## [GOAL OF THE EXERCISE]
Tally up the lines in the following entries where the string "version" appears, and answer with the number alone.

——————

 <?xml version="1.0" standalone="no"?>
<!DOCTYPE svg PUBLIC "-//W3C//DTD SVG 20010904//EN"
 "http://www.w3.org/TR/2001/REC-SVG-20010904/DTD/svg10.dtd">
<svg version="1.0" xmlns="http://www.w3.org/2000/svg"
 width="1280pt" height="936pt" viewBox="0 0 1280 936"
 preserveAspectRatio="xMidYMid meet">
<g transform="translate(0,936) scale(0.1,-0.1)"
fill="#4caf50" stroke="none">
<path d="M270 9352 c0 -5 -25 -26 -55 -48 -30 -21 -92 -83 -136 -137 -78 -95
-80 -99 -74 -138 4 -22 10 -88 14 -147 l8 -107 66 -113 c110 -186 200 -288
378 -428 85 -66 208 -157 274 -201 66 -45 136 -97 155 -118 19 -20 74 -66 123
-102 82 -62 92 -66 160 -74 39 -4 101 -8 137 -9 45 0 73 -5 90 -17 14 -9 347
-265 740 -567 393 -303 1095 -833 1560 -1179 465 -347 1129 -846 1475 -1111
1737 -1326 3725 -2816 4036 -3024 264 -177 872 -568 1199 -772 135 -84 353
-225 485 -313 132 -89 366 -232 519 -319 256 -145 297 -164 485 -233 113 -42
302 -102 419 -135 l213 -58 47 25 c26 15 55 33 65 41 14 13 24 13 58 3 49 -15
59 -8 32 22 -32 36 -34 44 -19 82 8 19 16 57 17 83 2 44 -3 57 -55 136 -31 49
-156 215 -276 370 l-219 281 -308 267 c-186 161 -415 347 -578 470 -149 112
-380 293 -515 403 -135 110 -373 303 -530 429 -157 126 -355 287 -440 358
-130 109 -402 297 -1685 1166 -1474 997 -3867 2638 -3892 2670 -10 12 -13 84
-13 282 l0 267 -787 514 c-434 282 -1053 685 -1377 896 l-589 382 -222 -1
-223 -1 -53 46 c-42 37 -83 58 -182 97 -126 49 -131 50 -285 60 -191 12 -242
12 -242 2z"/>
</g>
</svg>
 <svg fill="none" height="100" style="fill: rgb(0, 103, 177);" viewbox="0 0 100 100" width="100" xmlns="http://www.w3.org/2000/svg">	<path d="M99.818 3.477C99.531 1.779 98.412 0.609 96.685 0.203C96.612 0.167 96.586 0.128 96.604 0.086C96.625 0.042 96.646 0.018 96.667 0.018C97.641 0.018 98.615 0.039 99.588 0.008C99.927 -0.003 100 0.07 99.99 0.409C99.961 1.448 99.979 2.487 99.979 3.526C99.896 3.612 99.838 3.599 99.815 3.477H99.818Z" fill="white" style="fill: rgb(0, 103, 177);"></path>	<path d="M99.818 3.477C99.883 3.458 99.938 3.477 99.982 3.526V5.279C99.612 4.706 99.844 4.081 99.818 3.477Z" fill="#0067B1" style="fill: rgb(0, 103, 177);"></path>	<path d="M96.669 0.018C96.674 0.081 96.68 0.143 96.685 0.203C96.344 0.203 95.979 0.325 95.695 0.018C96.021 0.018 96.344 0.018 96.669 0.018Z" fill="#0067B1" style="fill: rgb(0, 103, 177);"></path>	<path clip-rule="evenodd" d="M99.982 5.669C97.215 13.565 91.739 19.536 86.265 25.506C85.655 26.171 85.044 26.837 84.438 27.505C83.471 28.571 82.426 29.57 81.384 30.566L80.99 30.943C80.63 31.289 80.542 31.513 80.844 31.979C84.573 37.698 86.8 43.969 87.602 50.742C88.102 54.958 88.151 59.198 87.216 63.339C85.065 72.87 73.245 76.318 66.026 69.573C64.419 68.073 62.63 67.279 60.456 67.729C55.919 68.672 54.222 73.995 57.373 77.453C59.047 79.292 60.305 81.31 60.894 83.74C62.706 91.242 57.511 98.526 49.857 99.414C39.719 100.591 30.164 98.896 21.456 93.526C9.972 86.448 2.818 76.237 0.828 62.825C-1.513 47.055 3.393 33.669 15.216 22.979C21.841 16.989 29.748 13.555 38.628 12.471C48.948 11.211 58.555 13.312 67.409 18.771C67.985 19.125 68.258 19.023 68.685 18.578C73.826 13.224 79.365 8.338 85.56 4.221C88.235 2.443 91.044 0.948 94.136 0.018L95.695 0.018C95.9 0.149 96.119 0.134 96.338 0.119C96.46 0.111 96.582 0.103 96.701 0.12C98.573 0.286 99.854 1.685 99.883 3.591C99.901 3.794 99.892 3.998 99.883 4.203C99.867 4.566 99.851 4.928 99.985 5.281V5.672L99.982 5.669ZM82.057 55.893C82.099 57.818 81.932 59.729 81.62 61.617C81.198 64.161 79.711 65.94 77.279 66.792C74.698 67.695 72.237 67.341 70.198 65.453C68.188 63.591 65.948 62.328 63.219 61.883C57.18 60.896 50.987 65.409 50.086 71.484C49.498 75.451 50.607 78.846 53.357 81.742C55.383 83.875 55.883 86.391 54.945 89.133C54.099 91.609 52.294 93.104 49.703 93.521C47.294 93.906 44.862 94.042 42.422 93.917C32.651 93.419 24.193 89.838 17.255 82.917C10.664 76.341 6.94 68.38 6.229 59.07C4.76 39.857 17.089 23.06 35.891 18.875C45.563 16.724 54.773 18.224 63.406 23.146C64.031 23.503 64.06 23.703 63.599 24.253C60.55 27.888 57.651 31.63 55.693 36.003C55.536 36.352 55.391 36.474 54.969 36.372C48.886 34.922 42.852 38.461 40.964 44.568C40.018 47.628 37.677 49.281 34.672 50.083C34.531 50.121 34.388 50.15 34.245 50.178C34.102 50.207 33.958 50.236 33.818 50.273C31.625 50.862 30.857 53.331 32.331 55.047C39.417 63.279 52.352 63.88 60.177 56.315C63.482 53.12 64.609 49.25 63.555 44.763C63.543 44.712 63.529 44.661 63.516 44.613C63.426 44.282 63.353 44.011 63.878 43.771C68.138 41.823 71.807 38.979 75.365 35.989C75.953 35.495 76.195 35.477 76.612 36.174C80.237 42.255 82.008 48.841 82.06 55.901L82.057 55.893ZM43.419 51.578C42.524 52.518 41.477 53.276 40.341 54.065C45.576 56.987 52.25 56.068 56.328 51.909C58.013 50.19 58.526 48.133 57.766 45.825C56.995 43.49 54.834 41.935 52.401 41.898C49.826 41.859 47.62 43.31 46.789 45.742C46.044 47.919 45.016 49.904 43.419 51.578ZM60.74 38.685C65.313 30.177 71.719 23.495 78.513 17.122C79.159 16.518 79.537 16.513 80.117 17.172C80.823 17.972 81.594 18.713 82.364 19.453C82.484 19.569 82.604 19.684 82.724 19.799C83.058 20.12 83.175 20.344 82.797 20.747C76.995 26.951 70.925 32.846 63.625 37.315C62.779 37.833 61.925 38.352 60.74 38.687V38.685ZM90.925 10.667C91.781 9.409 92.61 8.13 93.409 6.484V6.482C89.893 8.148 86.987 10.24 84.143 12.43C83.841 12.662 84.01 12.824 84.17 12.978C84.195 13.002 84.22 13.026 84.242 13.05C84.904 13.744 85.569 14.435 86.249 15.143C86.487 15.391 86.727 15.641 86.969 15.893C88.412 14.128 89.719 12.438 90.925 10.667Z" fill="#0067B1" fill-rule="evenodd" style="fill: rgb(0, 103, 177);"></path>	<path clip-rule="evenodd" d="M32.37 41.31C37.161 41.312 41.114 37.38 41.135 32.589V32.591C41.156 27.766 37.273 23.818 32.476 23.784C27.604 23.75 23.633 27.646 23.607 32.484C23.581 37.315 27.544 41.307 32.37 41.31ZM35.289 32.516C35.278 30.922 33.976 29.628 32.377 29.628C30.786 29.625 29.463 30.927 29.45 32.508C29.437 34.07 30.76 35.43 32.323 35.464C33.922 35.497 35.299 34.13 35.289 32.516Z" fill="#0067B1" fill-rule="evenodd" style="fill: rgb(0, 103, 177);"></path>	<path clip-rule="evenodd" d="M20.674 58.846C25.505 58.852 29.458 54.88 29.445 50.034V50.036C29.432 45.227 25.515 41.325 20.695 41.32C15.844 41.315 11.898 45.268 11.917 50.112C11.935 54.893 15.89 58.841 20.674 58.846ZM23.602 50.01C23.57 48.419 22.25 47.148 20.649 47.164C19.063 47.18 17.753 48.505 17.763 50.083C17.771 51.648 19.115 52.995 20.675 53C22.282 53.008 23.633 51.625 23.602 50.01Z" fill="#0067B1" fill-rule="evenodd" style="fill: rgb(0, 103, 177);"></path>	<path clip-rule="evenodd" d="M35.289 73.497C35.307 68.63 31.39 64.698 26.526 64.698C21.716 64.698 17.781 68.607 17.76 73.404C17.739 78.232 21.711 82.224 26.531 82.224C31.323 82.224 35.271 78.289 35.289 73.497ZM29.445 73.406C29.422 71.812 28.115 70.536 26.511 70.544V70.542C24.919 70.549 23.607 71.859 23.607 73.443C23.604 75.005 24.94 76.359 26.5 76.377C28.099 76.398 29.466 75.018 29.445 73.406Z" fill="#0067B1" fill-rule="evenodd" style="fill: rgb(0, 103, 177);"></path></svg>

——————

## [WRITTEN SOLUTION]
2